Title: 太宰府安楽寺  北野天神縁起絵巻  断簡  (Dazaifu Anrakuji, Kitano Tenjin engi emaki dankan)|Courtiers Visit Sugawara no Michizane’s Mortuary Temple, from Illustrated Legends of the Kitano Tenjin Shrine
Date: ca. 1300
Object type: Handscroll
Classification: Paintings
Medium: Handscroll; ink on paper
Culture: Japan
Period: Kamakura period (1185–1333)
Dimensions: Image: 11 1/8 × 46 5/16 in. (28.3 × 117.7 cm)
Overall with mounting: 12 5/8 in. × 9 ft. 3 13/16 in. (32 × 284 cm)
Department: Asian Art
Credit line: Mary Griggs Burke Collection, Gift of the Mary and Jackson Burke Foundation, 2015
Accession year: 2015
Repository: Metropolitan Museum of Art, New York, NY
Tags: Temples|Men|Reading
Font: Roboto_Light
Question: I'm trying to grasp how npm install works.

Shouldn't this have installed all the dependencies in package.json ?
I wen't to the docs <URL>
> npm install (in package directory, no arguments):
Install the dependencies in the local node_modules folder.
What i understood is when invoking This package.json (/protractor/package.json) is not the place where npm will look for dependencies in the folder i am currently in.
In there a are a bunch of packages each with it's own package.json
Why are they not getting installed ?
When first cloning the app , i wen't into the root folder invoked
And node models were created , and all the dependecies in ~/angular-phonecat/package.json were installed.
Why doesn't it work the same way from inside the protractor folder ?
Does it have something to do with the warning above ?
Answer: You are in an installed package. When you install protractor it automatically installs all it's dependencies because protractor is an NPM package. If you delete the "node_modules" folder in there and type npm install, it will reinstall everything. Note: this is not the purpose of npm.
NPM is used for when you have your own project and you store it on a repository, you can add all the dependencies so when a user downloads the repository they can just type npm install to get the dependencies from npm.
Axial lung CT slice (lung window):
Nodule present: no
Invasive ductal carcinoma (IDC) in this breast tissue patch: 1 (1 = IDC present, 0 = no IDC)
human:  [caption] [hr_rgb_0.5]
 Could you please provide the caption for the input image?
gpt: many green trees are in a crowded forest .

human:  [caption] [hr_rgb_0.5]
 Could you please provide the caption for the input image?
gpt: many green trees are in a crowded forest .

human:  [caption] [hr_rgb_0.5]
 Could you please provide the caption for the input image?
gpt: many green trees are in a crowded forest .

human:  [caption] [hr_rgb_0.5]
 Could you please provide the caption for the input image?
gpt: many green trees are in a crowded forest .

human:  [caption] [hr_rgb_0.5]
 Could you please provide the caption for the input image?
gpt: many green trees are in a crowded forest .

------------------------------

Exercise objective — Copy out, from the data above, every line holding the word "present".

Solution for this task —
Nodule present: no
Invasive ductal carcinoma (IDC) in this breast tissue patch: 1 (1 = IDC present, 0 = no IDC)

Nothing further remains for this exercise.